2. They read and they understand.
3. They can talk with anyone.
4. They can write clearly and persuasively and movingly.
5. They can solve a wide variety of puzzles and problems.
6. They respect rigor not so much for its own sake but as a way of seeking truth.
7. They practice humility, tolerance, and self-criticism.
8. They understand how to get things done in the world.
9. They nurture and empower the people around them.
10. They follow E. M. Forster’s injunction from Howards End: “Only connect...”

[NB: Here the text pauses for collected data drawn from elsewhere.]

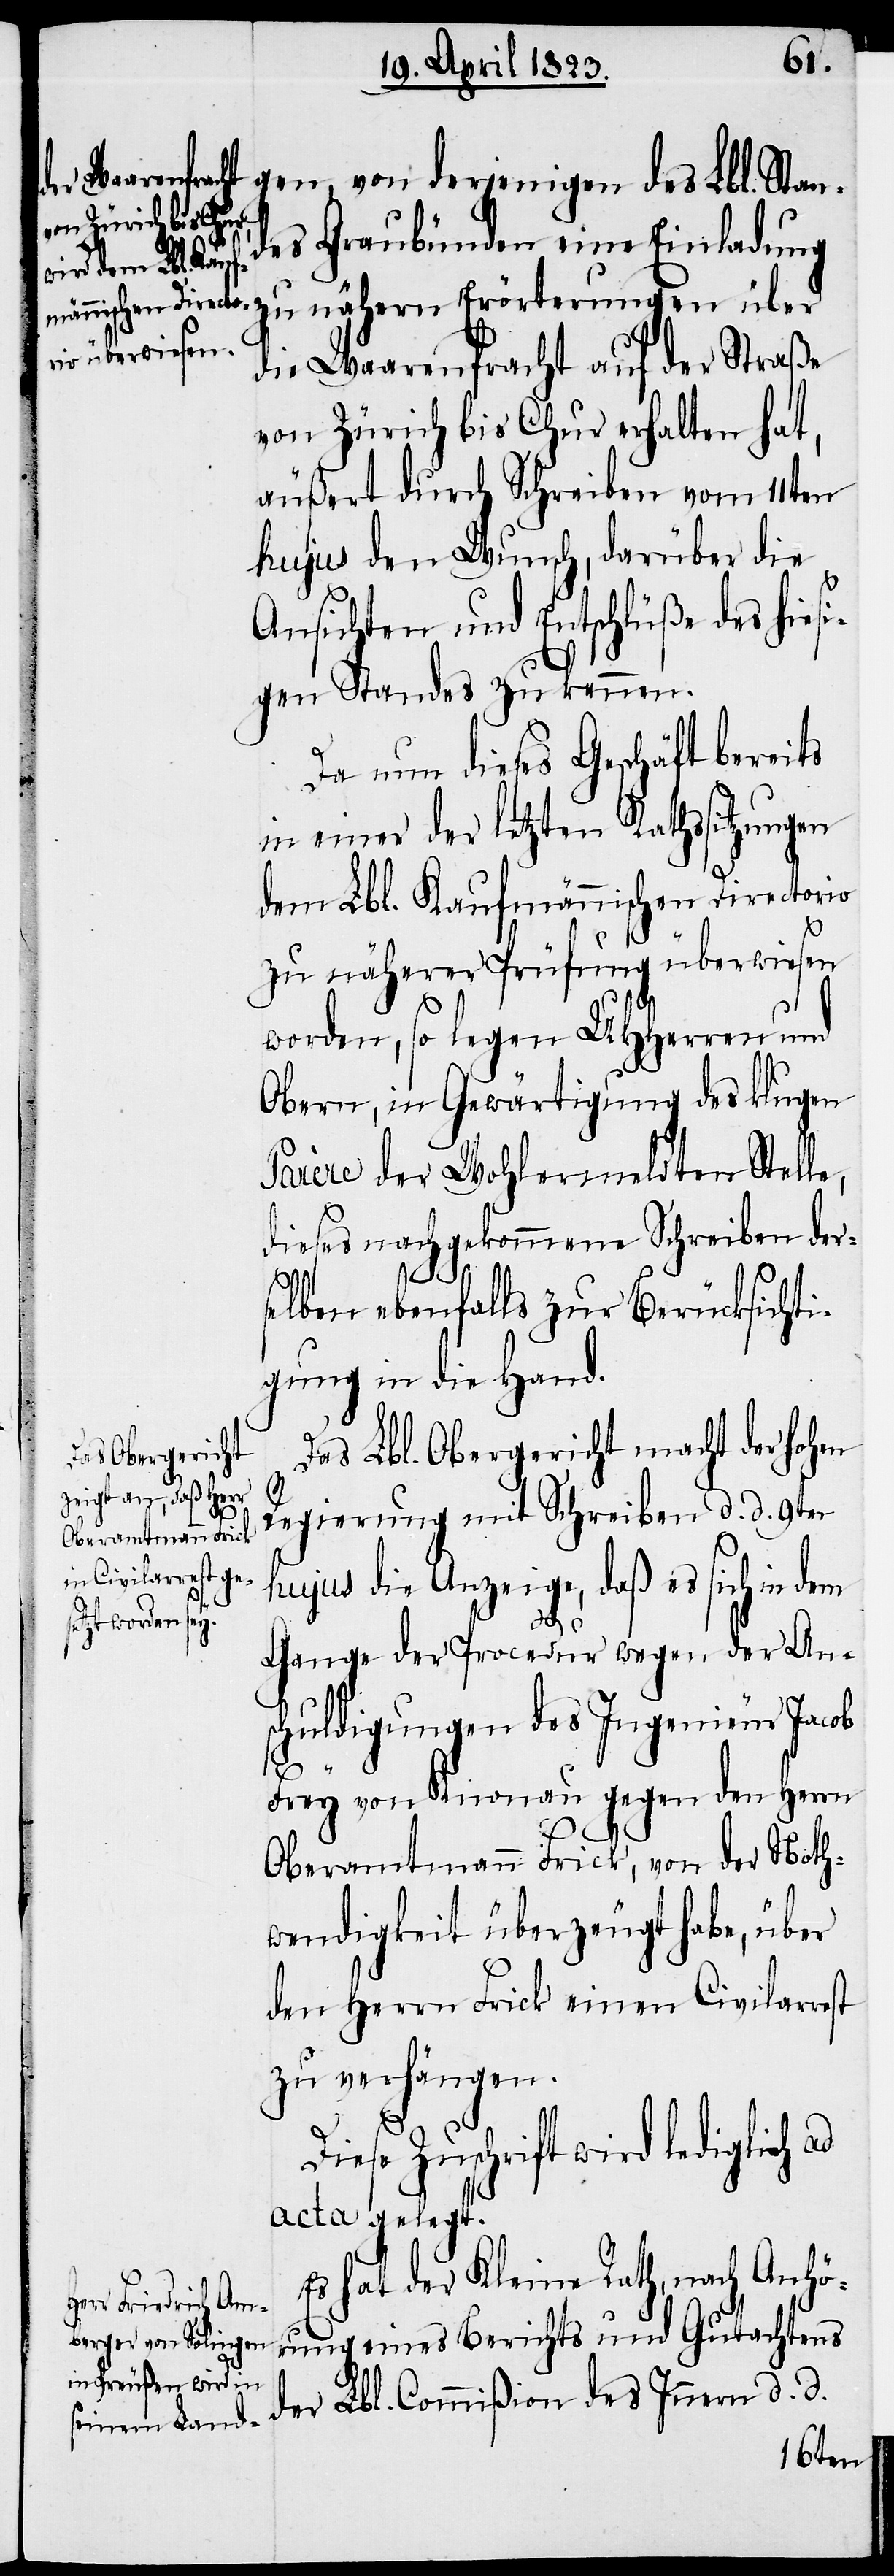
des Innern
gen, von derjenigen des Lbl. Stan¬
des Graubünden eine Einladung
zu nähern Erörterungen über
die Waarenfracht auf der Straße
von Zürich bis Chur erhalten hat,
äußert durch Schreiben vom 11ten
hujus den Wunsch, darüber die
Ansichten und Entschlüße des hiesi¬
gen Standes zu kennen.
Da nun dieses Geschäft bereits
in einer der letzten Rathssitzungen
dem Lbl. Kaufmännischen Directorio
zu näherer Prüfung überwiesen
worden, so legen UHHerren und
Obern, in Gewärtigung des klugen
Parère der Wohlermeldten Stelle,
dieses nachgekommene Schreiben der¬
selben ebenfalls zur Berücksichti¬
gung in die Hand.
Das Lbl. Obergericht macht der hohen
Regierung mit Schreiben d. d. 9ten
hujus die Anzeige, daß es sich in dem
d.
Gange der Procedur wegen der An¬
schuldigungen des Ingenieur Jacob
Frey von Knonau gegen den Herrn
Oberamtmann Frick, von der Noth¬
wendigkeit überzeugt habe, über
den Herrn Frick einen Civilarrest
zu verhängen.
Diese Zuschrift wird lediglich
acta gelegt.
Es hat der Kleine Rath, nach Anhö¬
rung eines Berichts und Gutachtens

(I wish I were better on 3 and 8, among others!) I look forward to students' responses to these ideals, and to what happens when we ask them to compare them to The New School's own boutique set of aspirations, the eleven "Shared Capacities." (The first five and last are sort of mandated by our accrediting body; the rest are our own. Each has its own learning outcomes.)
Critical Analysis
Communication
Quantitative Reasoning
Research Literacy
Scientific Literacy
Authorship
Creative Making
Cross-Disciplinary Thinking
Flexibility and Resiliency
Working in Complex Systems
Ethical Reasoning
It'll be interesting to toggle between the broader aims for all students across majors (New School's are conceived as relevant for libeal arts, design and performing arts students), and the particular ideals of a libeal arts major. Does it just do the general aims more fully and intentionally, or are there additional goals? I wonder if anyone will wonder at the absence of any canonical knowledge, great books?
In the back of my mind is something I may or may not have occasion to bring into the conversations. One of the most celebrated liberal arts colleges in the country, New College of Florida (one of those we'll be looking at Saturday), is in the midst of a hostile takeover. Florida Republicans, led by Governor DeSantis, plan to turn a legendarily progressive place into another kind of liberal arts college, one rooted in an artes liberales tradition understood to be specifically and uniquely western - and Christian. The model is Hillsdale College in rural Michigan, which has its own understanding of the value, and rigors, of an education for freedom and growth:
Human beings have to be taught to see the world. ...
A liberal arts education liberates us from our wishful thinking—and all the other constraints on our understanding of reality. It is the surest way to direct individuals toward a life that is truly free.
Are we aiming for the same things? Hillsdale thinks you can't do it without the great ideas of the western tradition, an explicit commitment to developing the virtues, the full gamut of disciplines (including the natural sciences) - and the idea of perfection: God.